YOUR TASK ▸
Please set down exactly the lines from the one that contains "3.0 s after image 1." through the end of the material, leaving out every picture.

#####

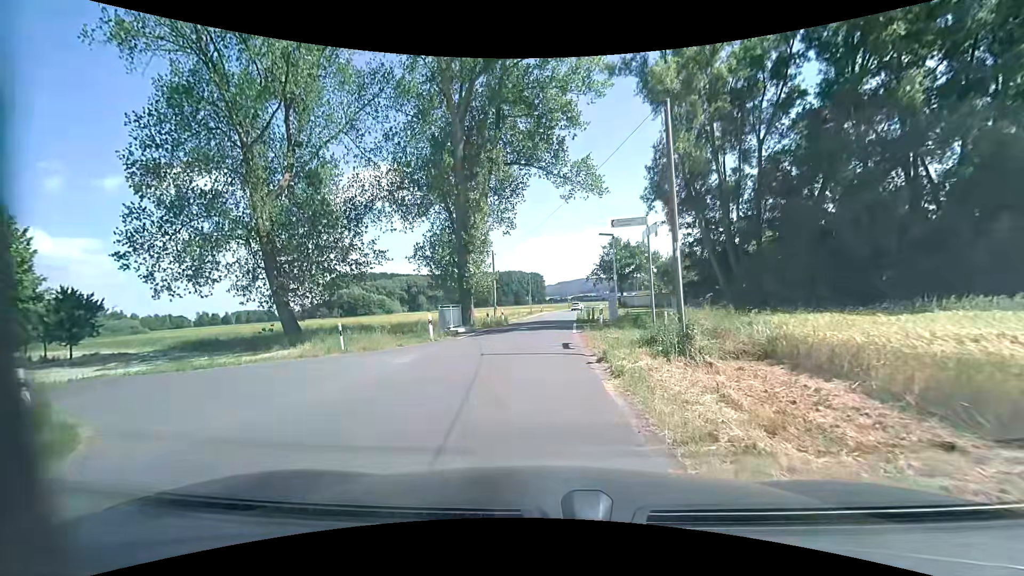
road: unclassified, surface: asphalt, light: Day
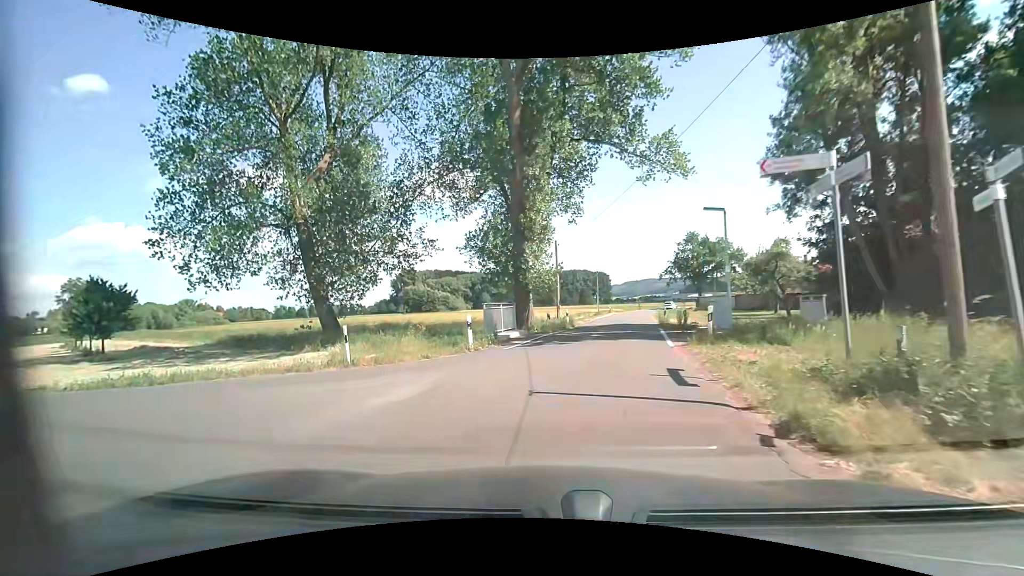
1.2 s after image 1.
(-0.2, +5.7) m; -6°
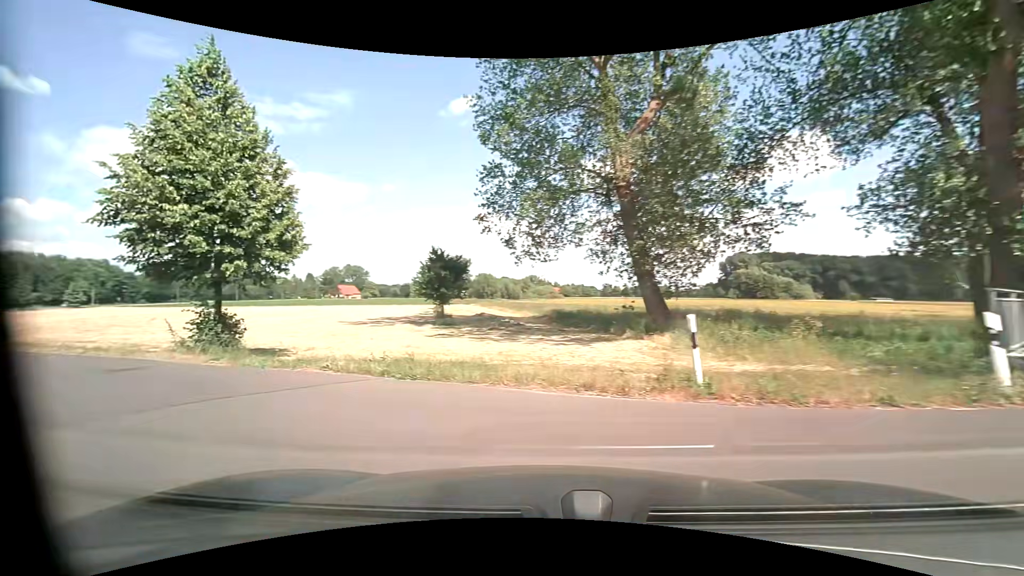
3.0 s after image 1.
(-2.1, +7.2) m; -35°
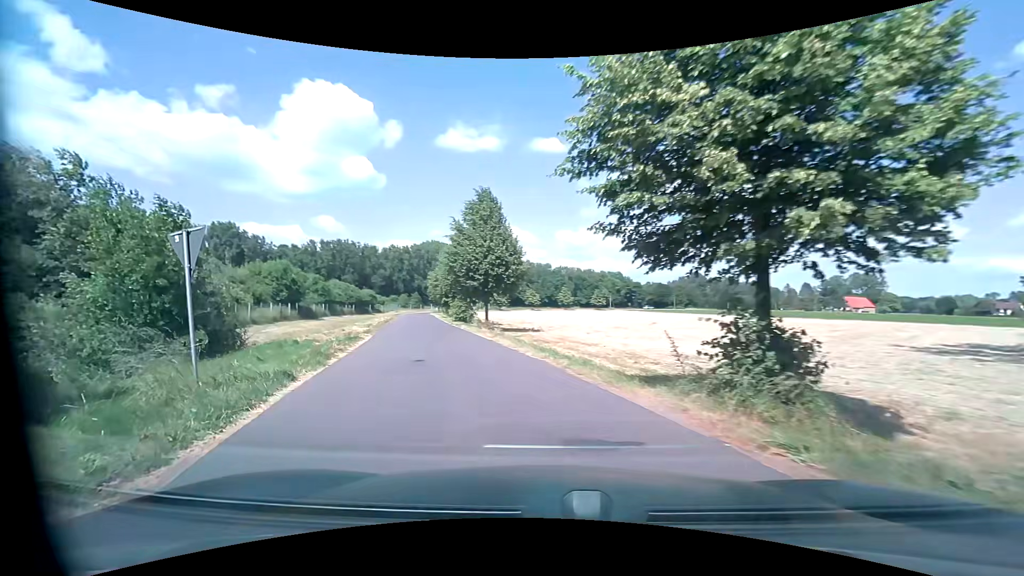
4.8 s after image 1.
(-4.5, +7.9) m; -56°
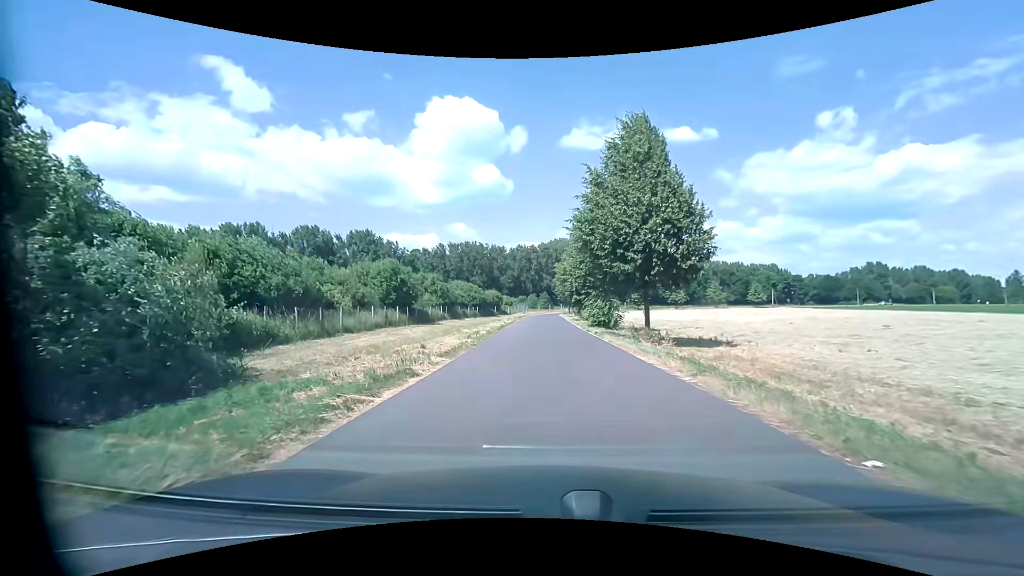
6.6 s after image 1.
(-1.8, +12.3) m; -13°
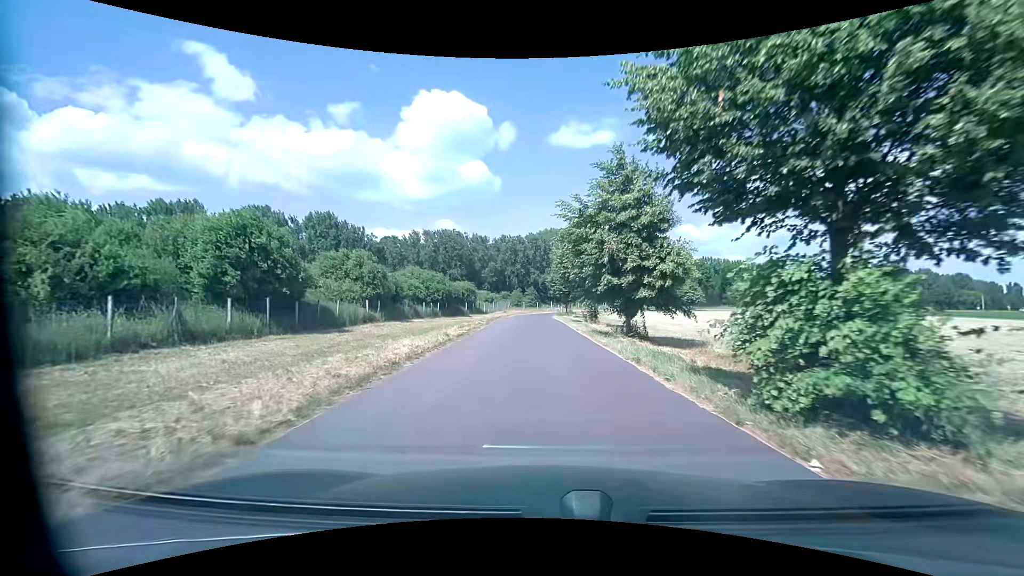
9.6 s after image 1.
(-0.3, +27.1) m; +1°
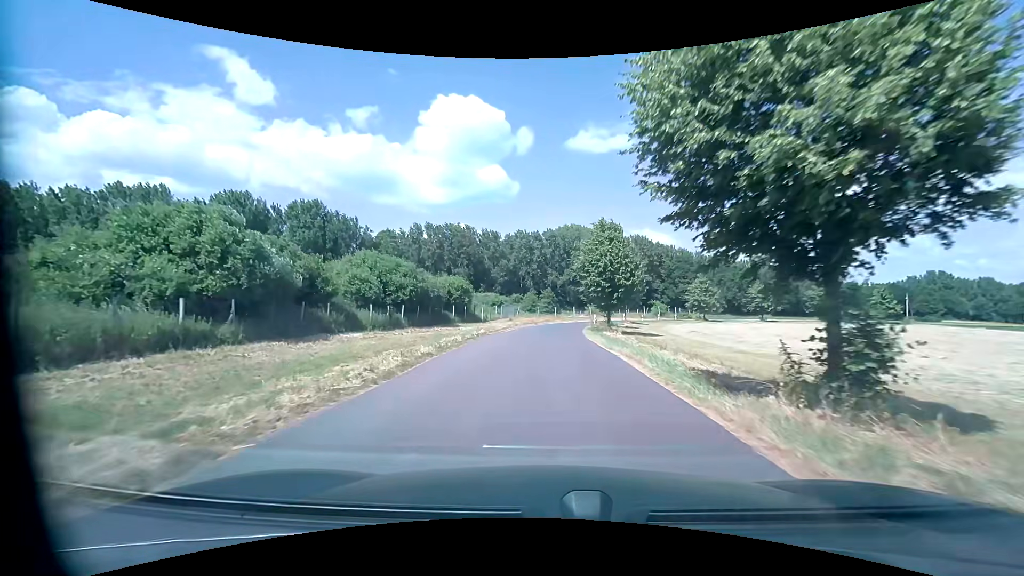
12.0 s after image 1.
(-0.4, +25.8) m; -2°
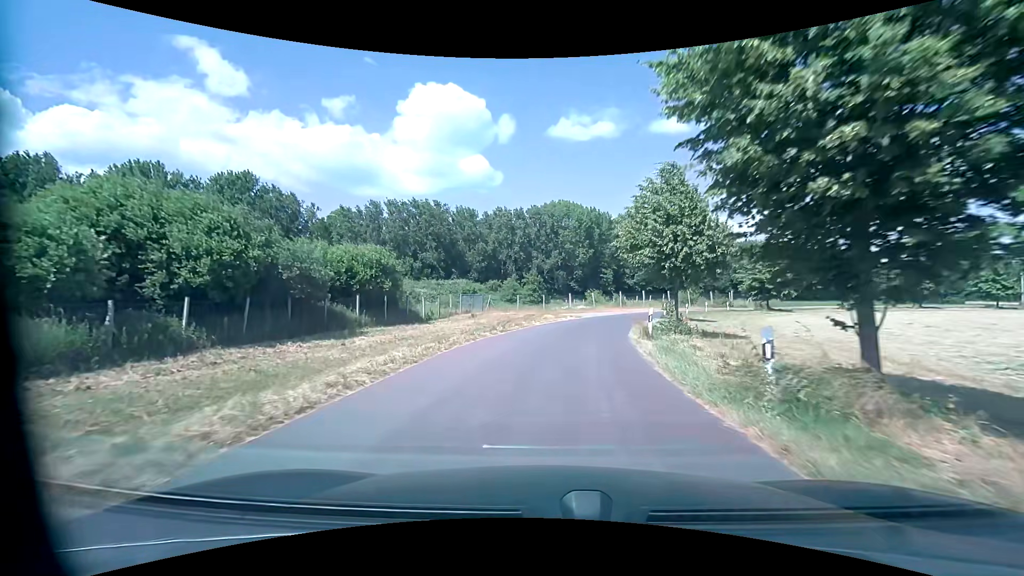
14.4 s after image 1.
(+0.3, +26.7) m; +1°
(0, +10) (+1, +20) (+3, +30) (+7, +39) (+11, +48) (+18, +56) (+26, +62) (+35, +66) (+44, +70) (+53, +74) m

#####

RESULT OF THE TASK ▸
3.0 s after image 1.
(-2.1, +7.2) m; -35°
4.8 s after image 1.
(-4.5, +7.9) m; -56°
6.6 s after image 1.
(-1.8, +12.3) m; -13°
9.6 s after image 1.
(-0.3, +27.1) m; +1°
12.0 s after image 1.
(-0.4, +25.8) m; -2°
14.4 s after image 1.
(+0.3, +26.7) m; +1°
(0, +10) (+1, +20) (+3, +30) (+7, +39) (+11, +48) (+18, +56) (+26, +62) (+35, +66) (+44, +70) (+53, +74) m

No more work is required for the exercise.